Des communautés de pratiquants

On assiste actuellement à une prise de distance avec les structures classiques de pratique du sport – clubs, fédérations – au bénéfice d’une organisation plus souple et connectée. Si le sport fait partie intégrante de la culture des jeunes, un décrochage significatif s’observe à l’adolescence au sein des fédérations sportives. Leur engagement sportif persiste, mais de manière moins visible et dans un cadre moins conventionnel, à travers des réseaux et des plates-formes numériques.

De plus en plus souvent, le sportif fait partie d’une communauté en ligne avec laquelle il interagit et se socialise. Il est alors possible de faire du sport seul chez soi et d’échanger ensuite avec d’autres sportifs passionnés via un réseau social.
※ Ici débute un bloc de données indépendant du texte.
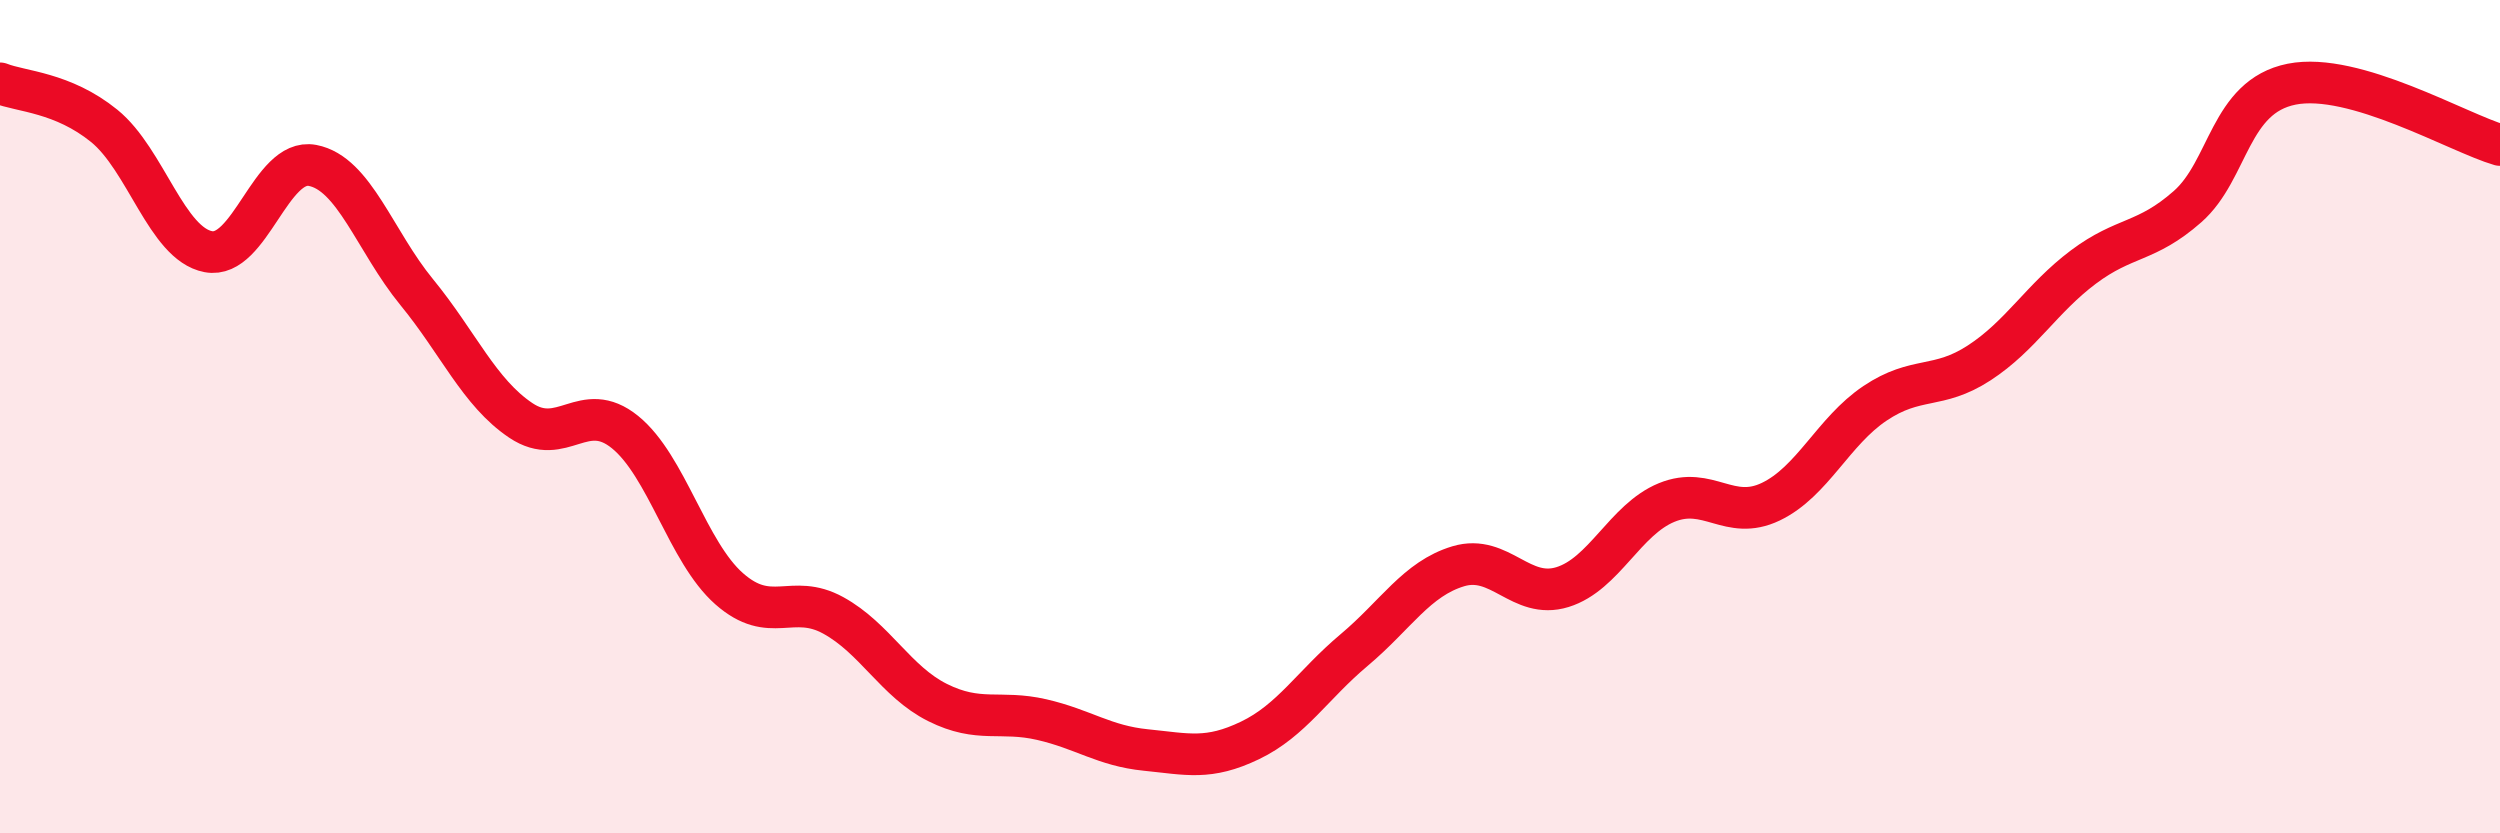 
    <svg width="60" height="20" viewBox="0 0 60 20" xmlns="http://www.w3.org/2000/svg">
      <path
        d="M 0,2 C 0.5,2.2 1.5,2.21 2.5,3.02 C 3.5,3.83 4,5.85 5,6.04 C 6,6.23 6.5,3.78 7.5,3.97 C 8.5,4.16 9,5.79 10,7.01 C 11,8.23 11.5,9.42 12.5,10.09 C 13.5,10.76 14,9.56 15,10.37 C 16,11.18 16.5,13.25 17.5,14.13 C 18.5,15.01 19,14.22 20,14.77 C 21,15.32 21.5,16.36 22.5,16.86 C 23.5,17.36 24,17.04 25,17.27 C 26,17.5 26.5,17.9 27.5,18 C 28.5,18.1 29,18.25 30,17.77 C 31,17.29 31.5,16.44 32.5,15.6 C 33.5,14.76 34,13.89 35,13.59 C 36,13.29 36.5,14.4 37.5,14.09 C 38.5,13.78 39,12.47 40,12.06 C 41,11.65 41.5,12.52 42.5,12.04 C 43.5,11.56 44,10.35 45,9.68 C 46,9.01 46.5,9.36 47.5,8.71 C 48.5,8.06 49,7.16 50,6.41 C 51,5.66 51.5,5.84 52.5,4.96 C 53.5,4.08 53.5,2.32 55,2.02 C 56.5,1.72 59,3.19 60,3.48L60 20L0 20Z"
        fill="#EB0A25"
        opacity="0.1"
        stroke-linecap="round"
        stroke-linejoin="round"
      />
      <path
        d="M 0,2 C 0.5,2.2 1.5,2.21 2.5,3.02 C 3.5,3.83 4,5.85 5,6.04 C 6,6.23 6.5,3.78 7.5,3.97 C 8.5,4.16 9,5.79 10,7.01 C 11,8.23 11.5,9.42 12.5,10.09 C 13.5,10.76 14,9.56 15,10.37 C 16,11.18 16.5,13.25 17.5,14.13 C 18.5,15.01 19,14.22 20,14.77 C 21,15.32 21.5,16.36 22.5,16.86 C 23.5,17.36 24,17.04 25,17.27 C 26,17.5 26.5,17.9 27.5,18 C 28.5,18.1 29,18.25 30,17.77 C 31,17.29 31.5,16.44 32.5,15.6 C 33.5,14.76 34,13.89 35,13.59 C 36,13.29 36.5,14.4 37.5,14.09 C 38.5,13.78 39,12.47 40,12.06 C 41,11.65 41.5,12.52 42.5,12.04 C 43.5,11.56 44,10.35 45,9.68 C 46,9.01 46.5,9.36 47.5,8.71 C 48.5,8.06 49,7.16 50,6.41 C 51,5.66 51.5,5.84 52.5,4.96 C 53.5,4.08 53.5,2.32 55,2.02 C 56.5,1.72 59,3.19 60,3.48"
        stroke="#EB0A25"
        stroke-width="1"
        fill="none"
        stroke-linecap="round"
        stroke-linejoin="round"
      />
    </svg>

Certaines applications permettent également de trouver des partenaires ou rejoindre un groupe en partie constitué dans une activité sportive, comme la course à pied.

Au fondement de cette évolution numérique, on trouve téléphones et montres qui accompagnent désormais les sorties ludo-sportives. En 2022, 36 % des pratiquants ont utilisé des instruments de mesure des activités physiques, qui permettent de visualiser leurs performances, leurs progrès puis d’immortaliser leurs exploits via des applications de partage.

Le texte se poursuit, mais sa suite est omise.